Die religionssoziologische Diskussion des Säkularisierungsprozesses ist so alt wie die Disziplin selber. Implizit oder explizit hingen alle Gründerväter der Soziologie der Auffassung an, Säkularisierung sei ein wesentliches Signum der Moderne. Diese Auffassung bildete geradezu ein Glaubensbekenntnis der Soziologie; schon dieser Umstand verhinderte eine eingehende empirische Untersuchung, ob ein Rückgang von Religion (bis hin zu ihrem Verschwinden) überhaupt nachweisbar sei. Die ältere Forschung benutzte den Begriff vor allem zur Erklärung des Übergangs von der Vormoderne in die Moderne. In diesem Kontext stieg der Begriff „mit der Zeit in den Rang einer genealogischen Kategorie auf, die die historische Entwicklung der modernen westlichen Gesellschaft von ihren jüdisch-christlichen Anfängen an zusammenfassen und bezeichnen soll.“ (Marramao 1996: 19) Die jüngere Forschung dagegen ist entschieden vorsichtiger mit historischen Erklärungen, die mehrere Jahrhunderte umspannen. Doch was dem Begriff empirisch entspricht, ist heute nicht klarer als vor hundert Jahren: „Stellt man die Frage nach der Faktizität der Säkularisierung als Prozess, so muss das Ergebnis, das eine Durchsicht der religionssoziologischen Literatur bietet, unbefriedigend bleiben.“ (Kehrer 1988: 178)

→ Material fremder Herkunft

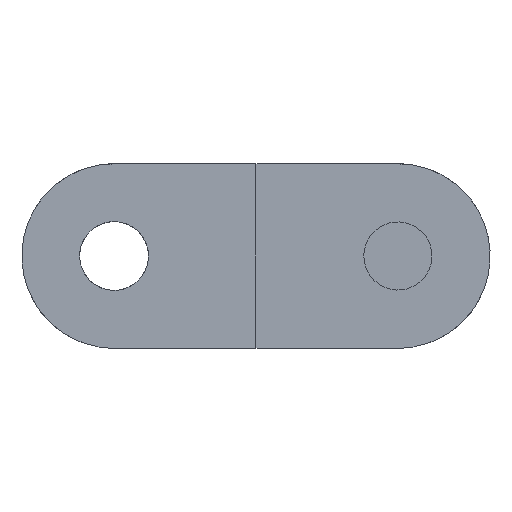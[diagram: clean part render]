
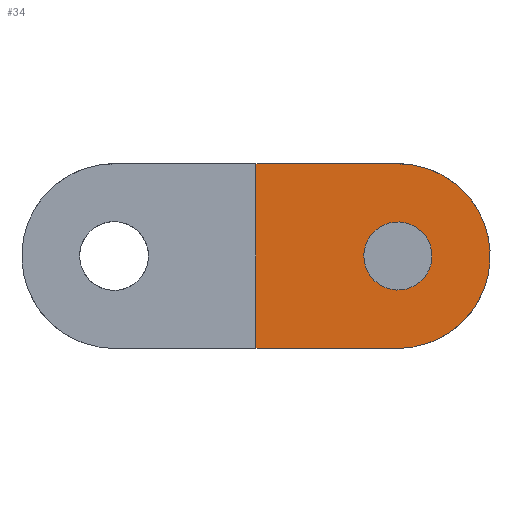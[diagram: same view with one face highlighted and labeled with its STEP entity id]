
A CAD part, front view. The second image highlights one B-rep face of the part: STEP entity #34.
In plain terms, the highlighted planar face has unit normal (0, -1, 0).
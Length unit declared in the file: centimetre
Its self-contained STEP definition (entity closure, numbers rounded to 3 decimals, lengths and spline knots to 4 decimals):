
#24=FACE_BOUND('',#103,.T.);
#34=ADVANCED_FACE('',(#68,#24),#586,.T.);
#68=FACE_OUTER_BOUND('',#102,.T.);
#102=EDGE_LOOP('',(#154,#155,#156,#157));
#103=EDGE_LOOP('',(#158,#159));
#154=ORIENTED_EDGE('',*,*,#353,.F.);
#155=ORIENTED_EDGE('',*,*,#357,.F.);
#156=ORIENTED_EDGE('',*,*,#351,.F.);
#157=ORIENTED_EDGE('',*,*,#366,.F.);
#158=ORIENTED_EDGE('',*,*,#359,.F.);
#159=ORIENTED_EDGE('',*,*,#358,.F.);
#351=EDGE_CURVE('',#524,#543,#439,.T.);
#353=EDGE_CURVE('',#544,#525,#441,.T.);
#357=EDGE_CURVE('',#543,#544,#445,.T.);
#358=EDGE_CURVE('',#546,#547,#502,.T.);
#359=EDGE_CURVE('',#547,#546,#503,.T.);
#366=EDGE_CURVE('',#525,#524,#506,.T.);
#439=B_SPLINE_CURVE_WITH_KNOTS('',1,(#1036,#1037),.UNSPECIFIED.,.F.,.F.,
(2,2),(0.,1.),.UNSPECIFIED.);
#441=B_SPLINE_CURVE_WITH_KNOTS('',1,(#1040,#1041),.UNSPECIFIED.,.F.,.F.,
(2,2),(0.,1.),.UNSPECIFIED.);
#445=B_SPLINE_CURVE_WITH_KNOTS('',1,(#1048,#1049),.UNSPECIFIED.,.F.,.F.,
(2,2),(0.,1.3),.UNSPECIFIED.);
#502=(
BOUNDED_CURVE()
B_SPLINE_CURVE(2,(#1050,#1051,#1052,#1053,#1054),.UNSPECIFIED.,.F.,.F.)
B_SPLINE_CURVE_WITH_KNOTS((3,2,3),(0.,0.377,0.754),
 .UNSPECIFIED.)
CURVE()
GEOMETRIC_REPRESENTATION_ITEM()
RATIONAL_B_SPLINE_CURVE((1.,0.707,1.,0.707,1.))
REPRESENTATION_ITEM('')
);
#503=(
BOUNDED_CURVE()
B_SPLINE_CURVE(2,(#1055,#1056,#1057,#1058,#1059),.UNSPECIFIED.,.F.,.F.)
B_SPLINE_CURVE_WITH_KNOTS((3,2,3),(0.,0.377,0.754),
 .UNSPECIFIED.)
CURVE()
GEOMETRIC_REPRESENTATION_ITEM()
RATIONAL_B_SPLINE_CURVE((1.,0.707,1.,0.707,1.))
REPRESENTATION_ITEM('')
);
#506=(
BOUNDED_CURVE()
B_SPLINE_CURVE(2,(#1078,#1079,#1080,#1081,#1082,#1083,#1084,#1085,#1086),
 .UNSPECIFIED.,.F.,.F.)
B_SPLINE_CURVE_WITH_KNOTS((3,2,2,2,3),(-5.3135,-4.8986,
-4.2925,-4.121,-3.2715),.UNSPECIFIED.)
CURVE()
GEOMETRIC_REPRESENTATION_ITEM()
RATIONAL_B_SPLINE_CURVE((1.,0.881,0.859,0.826,
1.,0.951,0.918,0.756,1.))
REPRESENTATION_ITEM('')
);
#524=VERTEX_POINT('',#914);
#525=VERTEX_POINT('',#915);
#543=VERTEX_POINT('',#933);
#544=VERTEX_POINT('',#934);
#546=VERTEX_POINT('',#936);
#547=VERTEX_POINT('',#937);
#586=PLANE('',#640);
#640=AXIS2_PLACEMENT_3D('',#754,#665,$);
#665=DIRECTION('',(0.,-1.,0.));
#754=CARTESIAN_POINT('',(1.6947,-0.58,-0.044));
#914=CARTESIAN_POINT('',(0.6999,-0.58,0.021));
#915=CARTESIAN_POINT('',(0.6999,-0.58,1.321));
#933=CARTESIAN_POINT('',(-0.3001,-0.58,0.021));
#934=CARTESIAN_POINT('',(-0.3001,-0.58,1.321));
#936=CARTESIAN_POINT('',(0.9399,-0.58,0.671));
#937=CARTESIAN_POINT('',(0.4599,-0.58,0.671));
#1036=CARTESIAN_POINT('',(0.6999,-0.58,0.021));
#1037=CARTESIAN_POINT('',(-0.3001,-0.58,0.021));
#1040=CARTESIAN_POINT('',(-0.3001,-0.58,1.321));
#1041=CARTESIAN_POINT('',(0.6999,-0.58,1.321));
#1048=CARTESIAN_POINT('',(-0.3001,-0.58,0.021));
#1049=CARTESIAN_POINT('',(-0.3001,-0.58,1.321));
#1050=CARTESIAN_POINT('',(0.9399,-0.58,0.671));
#1051=CARTESIAN_POINT('',(0.9399,-0.58,0.911));
#1052=CARTESIAN_POINT('',(0.6999,-0.58,0.911));
#1053=CARTESIAN_POINT('',(0.4599,-0.58,0.911));
#1054=CARTESIAN_POINT('',(0.4599,-0.58,0.671));
#1055=CARTESIAN_POINT('',(0.4599,-0.58,0.671));
#1056=CARTESIAN_POINT('',(0.4599,-0.58,0.431));
#1057=CARTESIAN_POINT('',(0.6999,-0.58,0.431));
#1058=CARTESIAN_POINT('',(0.9399,-0.58,0.431));
#1059=CARTESIAN_POINT('',(0.9399,-0.58,0.671));
#1078=CARTESIAN_POINT('',(0.6999,-0.58,1.321));
#1079=CARTESIAN_POINT('',(0.9119,-0.58,1.321));
#1080=CARTESIAN_POINT('',(1.0831,-0.58,1.196));
#1081=CARTESIAN_POINT('',(1.3499,-0.58,1.0013));
#1082=CARTESIAN_POINT('',(1.3499,-0.58,0.671));
#1083=CARTESIAN_POINT('',(1.3499,-0.58,0.5898));
#1084=CARTESIAN_POINT('',(1.3299,-0.58,0.5111));
#1085=CARTESIAN_POINT('',(1.2055,-0.58,0.021));
#1086=CARTESIAN_POINT('',(0.6999,-0.58,0.021));

In der Regel wird die Säkularisierungsthematik von Religionssoziologen in differenzierungstheoretischen Großentwürfen moderner Gesellschaftsentwicklung angesiedelt. Viele Soziologen sehen ein, wenn nicht das Spezifikum der modernen Gesellschaft in der funktionalen Differenzierung: Die verschiedenen Teilbereiche der Gesellschaft erfüllen jeweils ganz eigene, nur von ihnen selbst zu leistende Funktionen; sie gewinnen damit eine gewisse Autonomie gegenüber den Ansprüchen anderer Teilbereiche. Kein funktionaler Gesellschaftsbereich kann sich damit anmaßen, andere Gesellschaftsbereiche bis in Inhalte und Strukturen ihres Funktionierens zu dominieren. Für die Religion bedeutet dies: Auch sie ist im Prozess der Herausbildung der Moderne ein gesellschaftlicher Funktionsbereich unter anderen geworden, der weder die Legitimation noch die Mittel hat, gesamtgesellschaftlich Einfluss zu nehmen (Luhmann 1996). In der Moderne verliert die Religion ihre Fähigkeit, die Gesellschaft als ganze zu integrieren (Hahn 1997). „Die Akzeptanz religiöser Vorstellungen und Praktiken“ besitzt kaum noch „Relevanz für den Zugang zu anderen Gesellschaftsbereichen“ (Pollack 2003:13). Im Umkehrschluss bedeutet dies aber, dass die Religion sich auf ihre Kernaufgaben konzentrieren kann: Sie muss nicht mehr auch Politik, Wirtschaft und Erziehung sein, sondern ‚nur noch‘ Religion. Das bedeutet einen Bedeutungsverlust, aber vor allem eine Funktionsspezifizierung. Die funktionale Differenzierung und die ihr entsprechenden gesellschaftlichen Rollen implizieren aber nicht zwangsläufig, dass die persönliche Frömmigkeit abgenommen habe (Casanova 1994:16).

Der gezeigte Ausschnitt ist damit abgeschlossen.